Interjection: same prompt with the line "{message_count} messages have been said without you speaking. Would you like to interject? Answer YES or NO." at the end.

These are starting points. The wording, structure, and whether to allow the model to explain its reasoning (chain-of-thought before the YES/NO) are all tuneable later.

Message flow¶

message arrives on subscribed channel
    │
    ├─ bot ignores own messages (existing)
    ├─ subscription check (existing)
    │
    ▼
familiar.monitor.on_message(channel_id, author, text, is_mention)
    │
    ├─ cancel existing lull timer
    ├─ append message to channel buffer
    ├─ increment message counter
    │
    ├─ is direct address? (name/alias in text OR is_mention)
    │   └─ YES → acquire lock → side model eval
    │           → if YES: on_respond callback → reset state
    │           → if NO:  on_silence callback (drain evaluated msgs to history) → reset state
    │
    ├─ counter hits interjection threshold?
    │   └─ YES → acquire lock → side model eval
    │           → if YES: on_respond callback → reset state
    │           → if NO:  on_silence callback (drain evaluated msgs to history)
    │                     → advance step-down curve (lower next threshold, floor at 3)
    │
    └─ start new lull timer (text_lull_timeout seconds)
            └─ on expiry → acquire lock → side model eval
                        → if YES: on_respond callback → reset state
                        → if NO:  on_silence callback (drain evaluated msgs to history)

Non-goals¶

Interruption of a reply already in progress.

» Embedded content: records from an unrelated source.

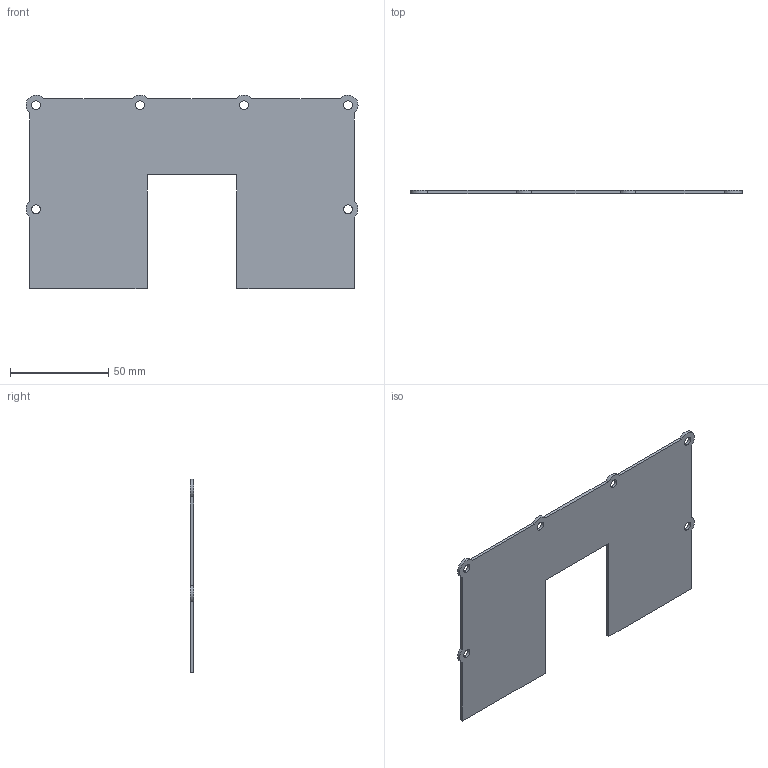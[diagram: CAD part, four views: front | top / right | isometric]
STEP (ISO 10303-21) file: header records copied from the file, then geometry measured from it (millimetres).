
FILE_DESCRIPTION (( 'STEP AP214' ), '1' );
FILE_NAME ('topplate.STEP', '2023-07-20T15:41:35', ( '' ), ( '' ), 'SwSTEP 2.0', 'SolidWorks 2022', '' );
FILE_SCHEMA (( 'AUTOMOTIVE_DESIGN' ));
Length unit declared in the file: inch
Products named in the file (1): topplate
Bounding box: 168.77 x 1.59 x 98.43 mm (x, y, z)
Volume: 21058.5 mm3; surface area: 27695.4 mm2
Topology: 1 solids, 1 shells, 32 faces, 90 edges, 60 vertices
Faces by surface type: cylinder 18, plane 14
Entity records: 1114 total; most frequent: DIRECTION 192, CARTESIAN_POINT 183, ORIENTED_EDGE 180, EDGE_CURVE 90, AXIS2_PLACEMENT_3D 69, VERTEX_POINT 60, VECTOR 54, LINE 54

This page covers the pre-speech decision (whether to start talking). Cutting off a reply mid-stream when someone else starts talking lives in Voice interruption.
Silence-initiated conversation starts. The lull trigger requires some messages in the buffer. A feature where prolonged silence with an empty buffer causes the familiar to proactively start a new conversation is architecturally different and deferred.
Per-modality evaluation prompts. Text and voice now have separate lull timeouts (text_lull_timeout / voice_lull_timeout), but they still share the same evaluation prompt structure. Tuning prompts per modality is a future addition.

Future work¶

Twitch events. Twitch events (subs, bits, raids) should always be acknowledged. They could bypass the monitor entirely, or be treated as direct-address-equivalent triggers. Deferred until Twitch integration is wired into the monitor.